> _Task data_
- - -

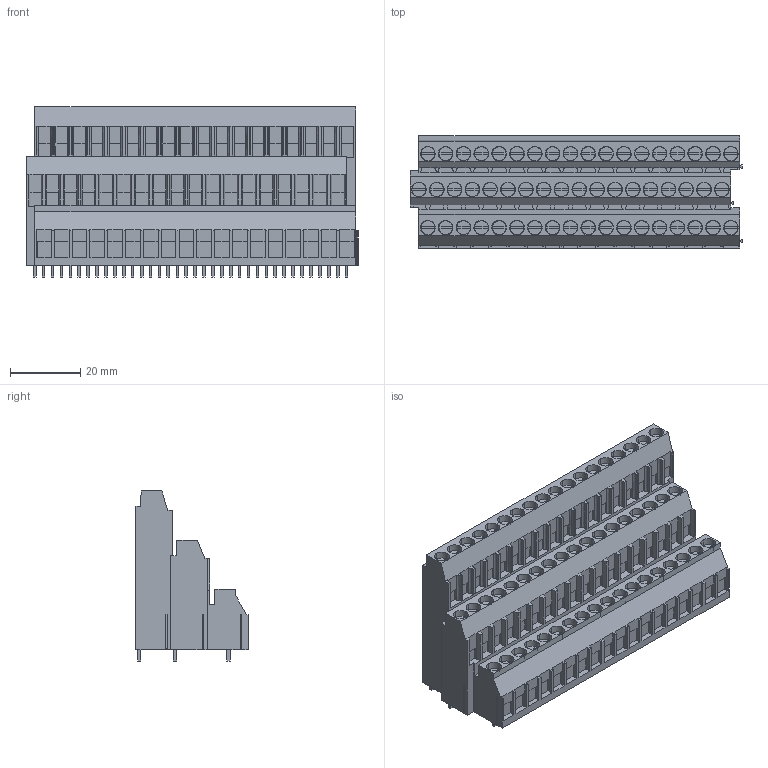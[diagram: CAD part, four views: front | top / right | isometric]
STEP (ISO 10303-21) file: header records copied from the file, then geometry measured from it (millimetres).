
FILE_DESCRIPTION(('CATIA V5 STEP Exchange','CAx-IF Rec.Pracs.--- Model Styling and Organization---1.5--- 2016-08-15','CAx-IF Rec.Pracs.---Supplemental Geometry---1.0---2011-11-01','CAx-IF Rec.Pracs.--- Composite Materials ---1.1---2010-07-15'),'2;1');
FILE_NAME ('D1461032_1', '2024-06-12T13:07:36+00:00', ('none'), ('Weidmueller'), 'CATIA Version 5-6 Release 2022 SP4 HF5', 'CATIA V5 STEP AP214 v3', 'none');
FILE_SCHEMA(('AUTOMOTIVE_DESIGN { 1 0 10303 214 1 1 1 1 }'));
Length unit declared in the file: millimetre
Products named in the file (1): 1979200000
Bounding box: 94.63 x 32 x 48.47 mm (x, y, z)
Volume: 79684.6 mm3; surface area: 24880.9 mm2
Topology: 109 solids, 109 shells, 1530 faces, 3933 edges, 2676 vertices
Faces by surface type: plane 1246, cylinder 249, extrusion 35
Entity records: 42716 total; most frequent: CARTESIAN_POINT 9302, ORIENTED_EDGE 7866, DIRECTION 4935, EDGE_CURVE 3933, VECTOR 3030, LINE 2995, VERTEX_POINT 2676, EDGE_LOOP 1585

- - -

> _Task statement_
Wherever a picture appears in the material above, skip it and copy the rest without change.

> _Solution_
[diagram: CAD part, four views: front | top / right | isometric]
STEP (ISO 10303-21) file: header records copied from the file, then geometry measured from it (millimetres).
FILE_DESCRIPTION(('CATIA V5 STEP Exchange','CAx-IF Rec.Pracs.--- Model Styling and Organization---1.5--- 2016-08-15','CAx-IF Rec.Pracs.---Supplemental Geometry---1.0---2011-11-01','CAx-IF Rec.Pracs.--- Composite Materials ---1.1---2010-07-15'),'2;1');
FILE_NAME ('D1461032_1', '2024-06-12T13:07:36+00:00', ('none'), ('Weidmueller'), 'CATIA Version 5-6 Release 2022 SP4 HF5', 'CATIA V5 STEP AP214 v3', 'none');
FILE_SCHEMA(('AUTOMOTIVE_DESIGN { 1 0 10303 214 1 1 1 1 }'));
Length unit declared in the file: millimetre
Products named in the file (1): 1979200000
Bounding box: 94.63 x 32 x 48.47 mm (x, y, z)
Volume: 79684.6 mm3; surface area: 24880.9 mm2
Topology: 109 solids, 109 shells, 1530 faces, 3933 edges, 2676 vertices
Faces by surface type: plane 1246, cylinder 249, extrusion 35
Entity records: 42716 total; most frequent: CARTESIAN_POINT 9302, ORIENTED_EDGE 7866, DIRECTION 4935, EDGE_CURVE 3933, VECTOR 3030, LINE 2995, VERTEX_POINT 2676, EDGE_LOOP 1585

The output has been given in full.